Find the value of $\sin\frac{2\pi}{7}+\sin\frac{4\pi}{7}+\sin\frac{8\pi}{7}$
My approach :
I used $\sin A +\sin B = 2\sin(A+B)/2\times\cos(A-B)/2 $
$\Rightarrow \sin\frac{2\pi}{7}+\sin\frac{4\pi}{7}+\sin\frac{8\pi}{7} = 2\sin(3\pi)/7\times\cos(\pi/7)+\sin(8\pi/7) $
$= 2\sin(3\pi)/7\times\cos(\pi/7)+\sin(\pi + \pi/7) $
$= 2\sin(3\pi)/7\times\cos(\pi/7)-\sin(\pi/7) $
I am not getting any clue how to proceed further or whether it is correct or not. Please help thanks..
Best Answer
You can evaluate this by using complex methods.

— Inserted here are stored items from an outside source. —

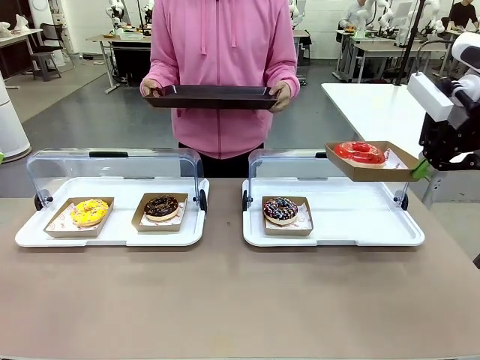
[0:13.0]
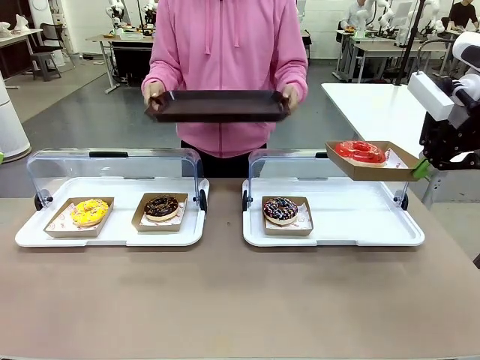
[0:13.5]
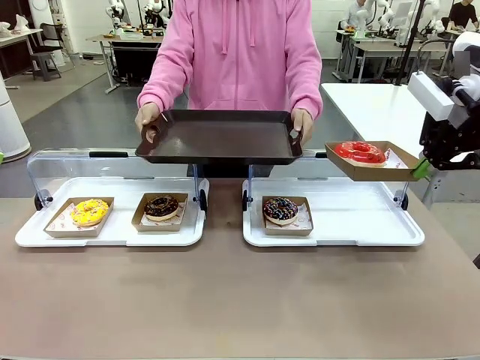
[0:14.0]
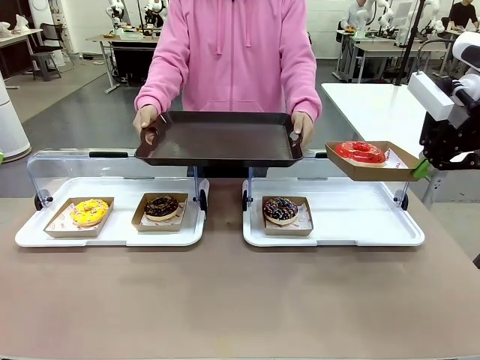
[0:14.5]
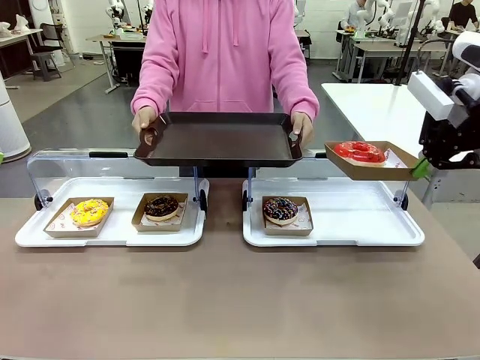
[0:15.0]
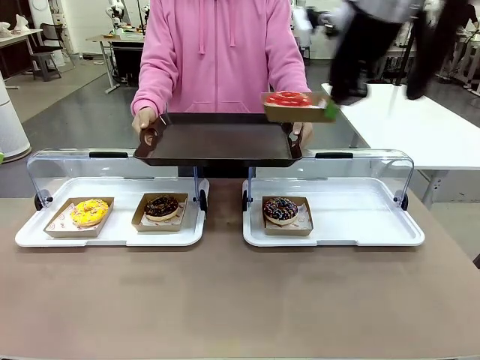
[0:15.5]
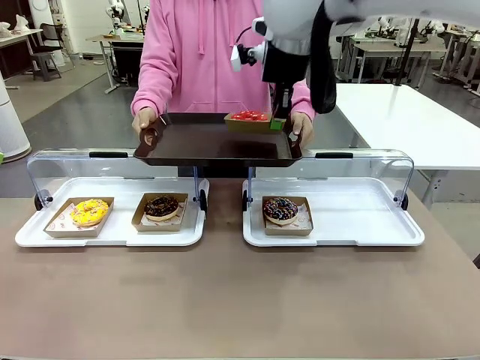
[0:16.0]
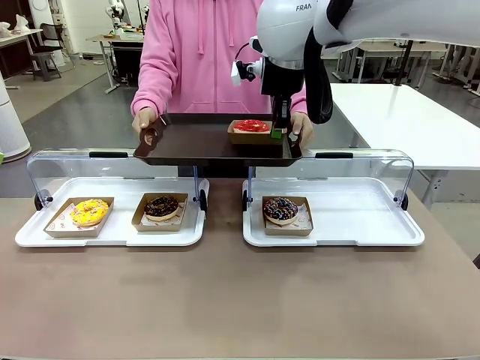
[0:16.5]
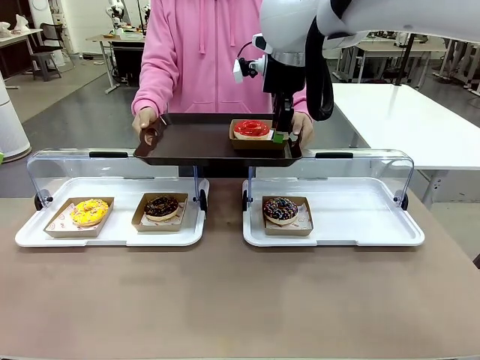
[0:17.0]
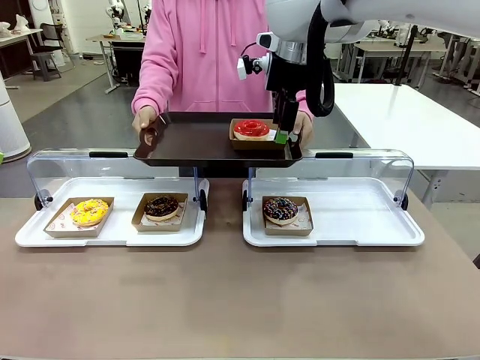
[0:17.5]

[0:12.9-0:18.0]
Task: Provide the desired donut to the person.
Robot: Place the picked Paper togo box onto the Handle tray extended by the person.

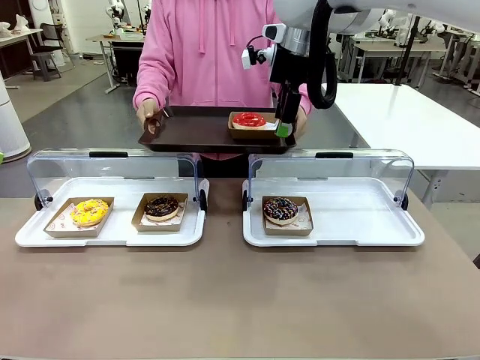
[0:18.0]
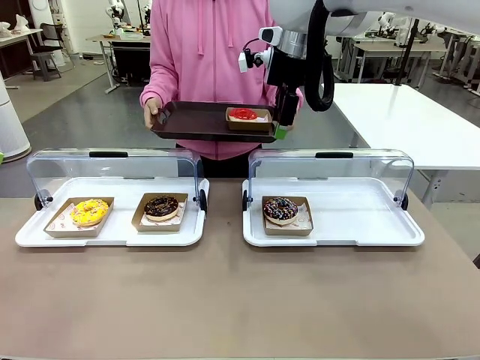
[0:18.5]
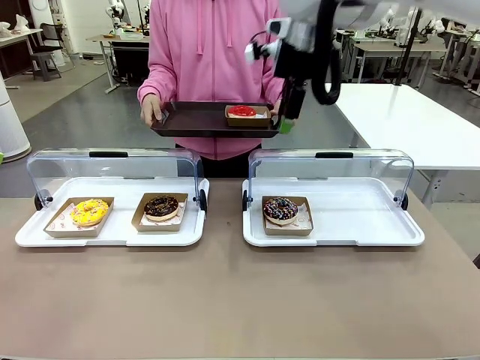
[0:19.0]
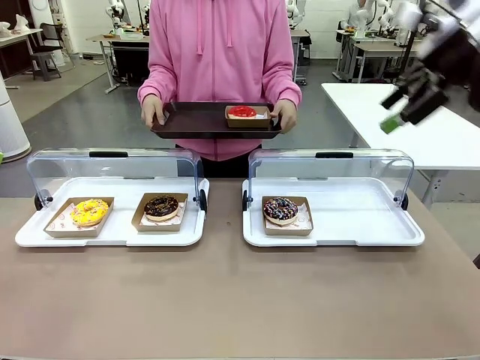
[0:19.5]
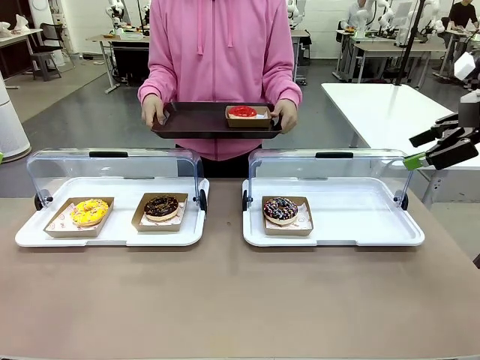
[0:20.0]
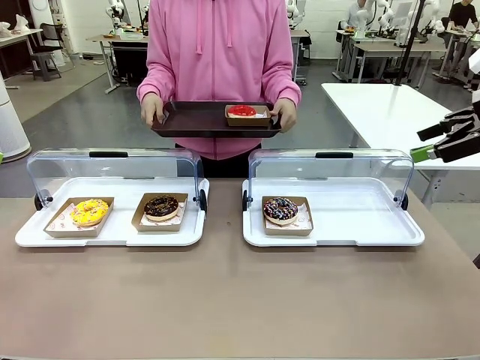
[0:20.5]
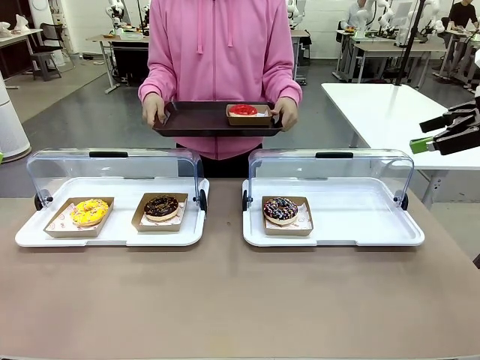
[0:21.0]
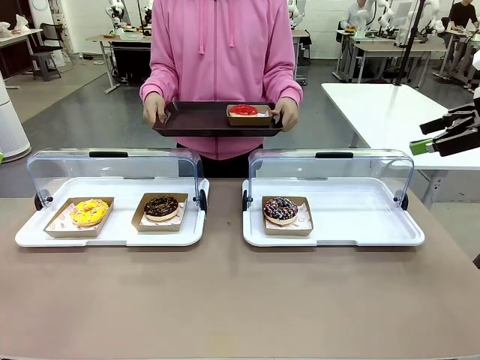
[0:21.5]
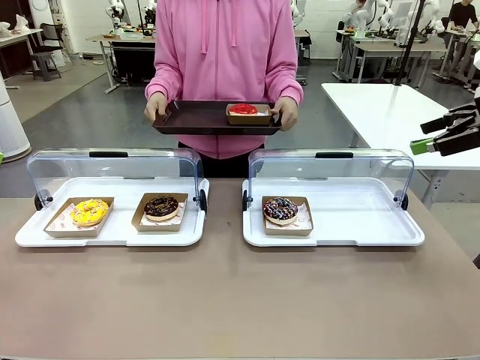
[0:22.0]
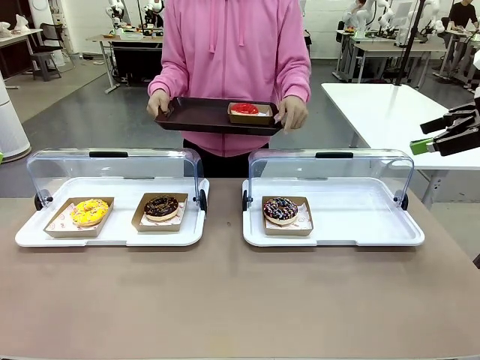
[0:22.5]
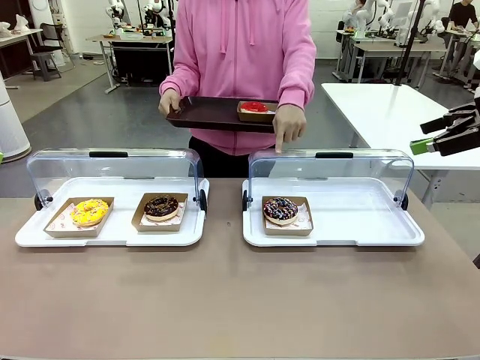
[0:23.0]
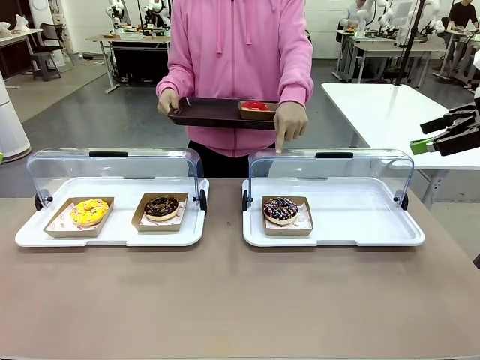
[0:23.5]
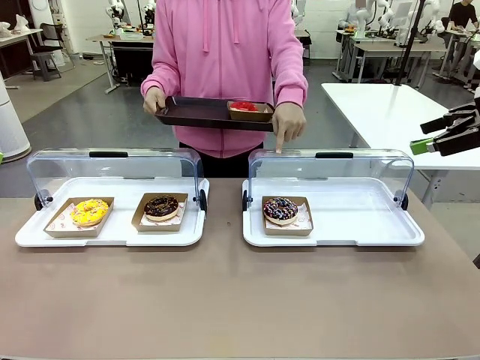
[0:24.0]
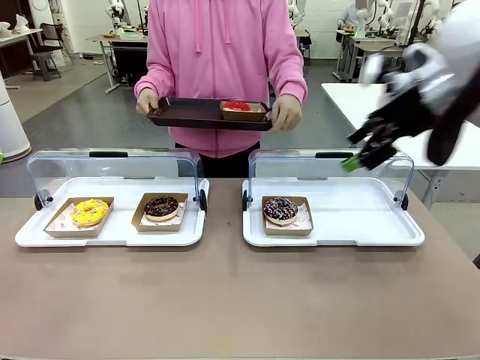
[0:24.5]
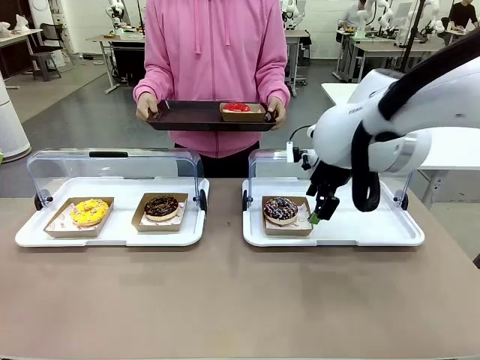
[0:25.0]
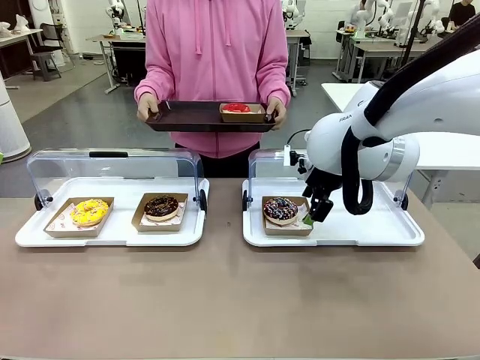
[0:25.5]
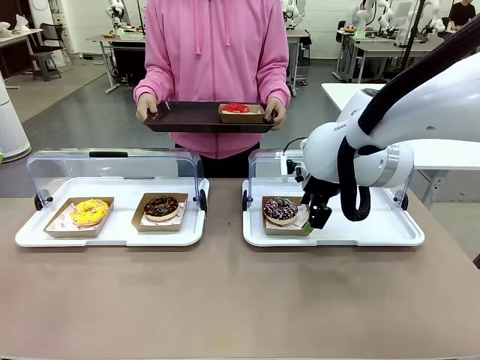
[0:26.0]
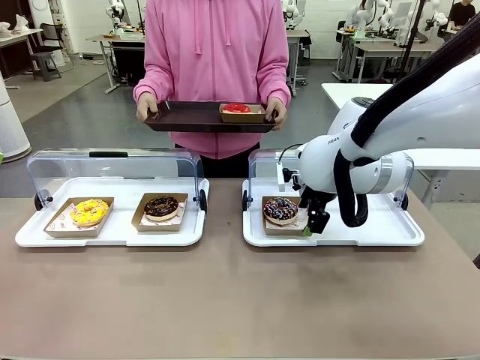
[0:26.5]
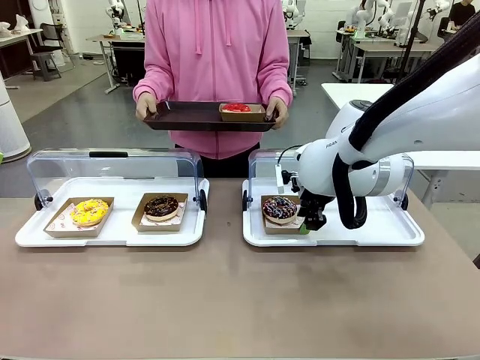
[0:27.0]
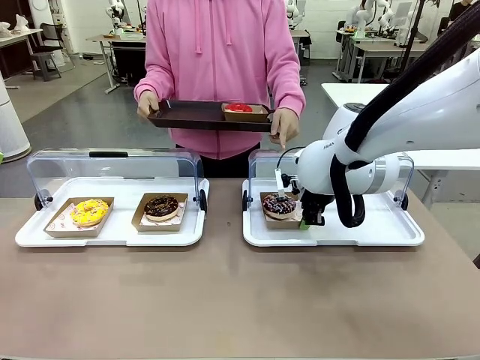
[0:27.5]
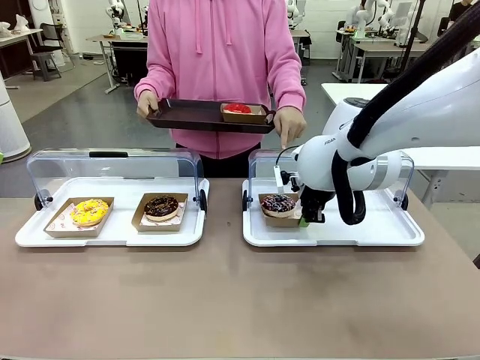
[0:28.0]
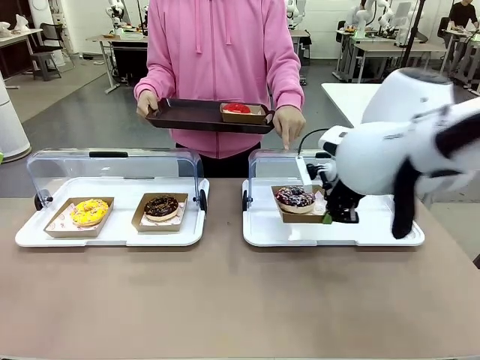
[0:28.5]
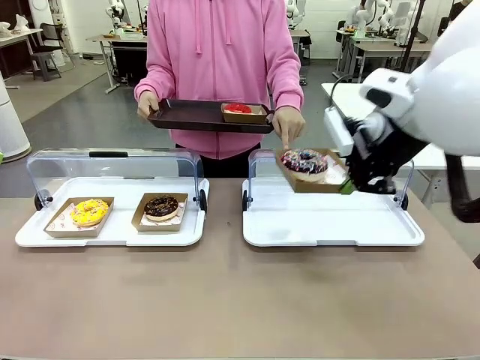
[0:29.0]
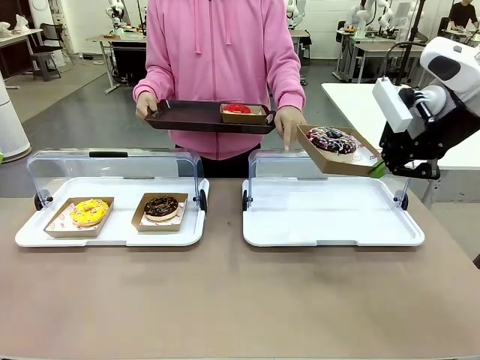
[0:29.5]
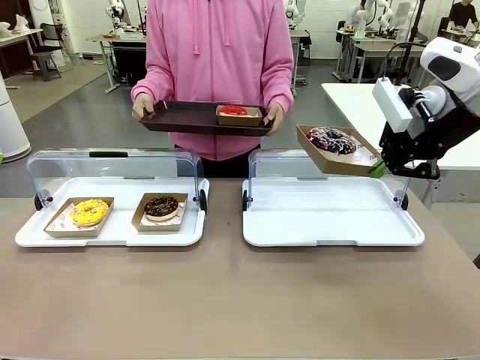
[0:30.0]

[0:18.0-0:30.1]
Robot: Pick up and lift the Paper togo box containing the Donut pointed at by the person.
Person: Point to one donut. Lift the tray onto the Roll-Top Bakery Case.

Let $\alpha=e^{2\pi i/7}$. Then $$\sin\frac{2\pi}{7}=\frac{\alpha-\alpha^{-1}}{2i}\ ,\quad \sin\frac{4\pi}{7}=\frac{\alpha^2-\alpha^{-2}}{2i}\ ,\quad \sin\frac{8\pi}{7}=\frac{\alpha^4-\alpha^{-4}}{2i}\ .$$ Now let $S$ be the sum of these three numbers. Write $S$ in terms of powers of $\alpha$ and calculate $S^2$. Initially it's a mess, but you can use the relations $$\alpha^7=1\quad\hbox{and}\quad \alpha^6+\alpha^5+\cdots+\alpha=-1$$ to show that it simplifies, amazingly, to $$S^2=\frac{7}{4}\ .$$ It's not hard to see that $S$ is positive, so $$S=\frac{\sqrt7}{2}\ .$$
Comment. You can also write the sum as $$S=\frac{1}{2i}\sum_{k=1}^6 \Bigl(\frac{k}{7}\Bigr)\alpha^k\ ,$$ where $(\frac{k}{7})$ is a Legendre symbol, and this connects the sum with some very interesting and often difficult mathematics.